# Do Plants Bud Get a Lot Thick in the Last Two Weeks of Flowering 125 w Cfl ?



## TOKINGMAD (May 29, 2011)

hi my plant is in 7th week of flowering the leaves have started to brown off alot of crystals and orange hairs but also alot of white hairs two have skinny finger like bud will they get bigger if i leave them ? or are they ready


----------



## passthatsh!t23 (May 29, 2011)

That plant needs 9-10 weeks of flowering.

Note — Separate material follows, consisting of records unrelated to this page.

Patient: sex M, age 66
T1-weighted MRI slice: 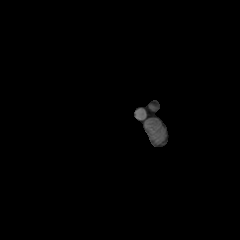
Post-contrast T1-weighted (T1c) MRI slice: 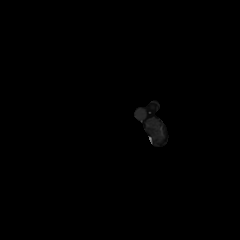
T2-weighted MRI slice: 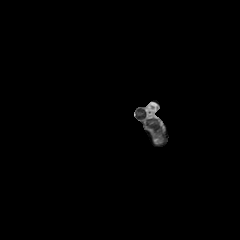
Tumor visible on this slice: no
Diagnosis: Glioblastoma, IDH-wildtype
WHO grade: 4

Its a sativa dominentstrain or check the trichs!


----------



## asaph (May 29, 2011)

heya, they look nice but i don't think you will get much of it. here's a tip for next time: when using CFL, grow your plant as short as possible. start 12/12 from seed even, if growing sativas like these. cfls can hardly penetrate more than a few inches, at a foot's distance the plant is practically in the dark. this is why you buds are small like that. another option is to use an hid.

peace


----------



## krazzydave (May 29, 2011)

bro u know to keep your cfls as close as u can u might want to add a few more on lamps around it to help the sides and bottom fatten up more also get a cheep a$$ 60x micro checkem best way to know if it is all done most plants dont finsh at the same time i take alot in parts like say top is done but bottom still milky i will start drying the top wile rest finshes so i have best buds i can hope this help


----------



## tinyTURTLE (May 29, 2011)

i say bend her over and give her another four weeks.


----------



## kevin murphy (May 30, 2011)

Should of used hps pal they would of been thicker buds...


----------



## CyberSecks (May 30, 2011)

i wouldnt expect much more than that on a cfl grow but hey man be proud of that when i used cfls my first grow 4 years ago i ended up with about an 8th of air bud.
sell a sack to your buddy then invest in a hps and ull be puttin on weight


----------



## kevin murphy (May 30, 2011)

spot on cyberceks...


CyberSecks said:


> i wouldnt expect much more than that on a cfl grow but hey man be proud of that when i used cfls my first grow 4 years ago i ended up with about an 8th of air bud.
> sell a sack to your buddy then invest in a hps and ull be puttin on weight


----------



## TOKINGMAD (May 30, 2011)

thanks for your replys some useful advice i have another 125 cfl i will try and fit it in there some how theres not alot of room ... i am going to get a small tent 1.2 x 1.2 x2.0 and a rhino filter fan kit 4 inch what light could i use without heat problem 400 or a 600 watt hps ? and the filter comes with a fan but is this the only fan u need ?


----------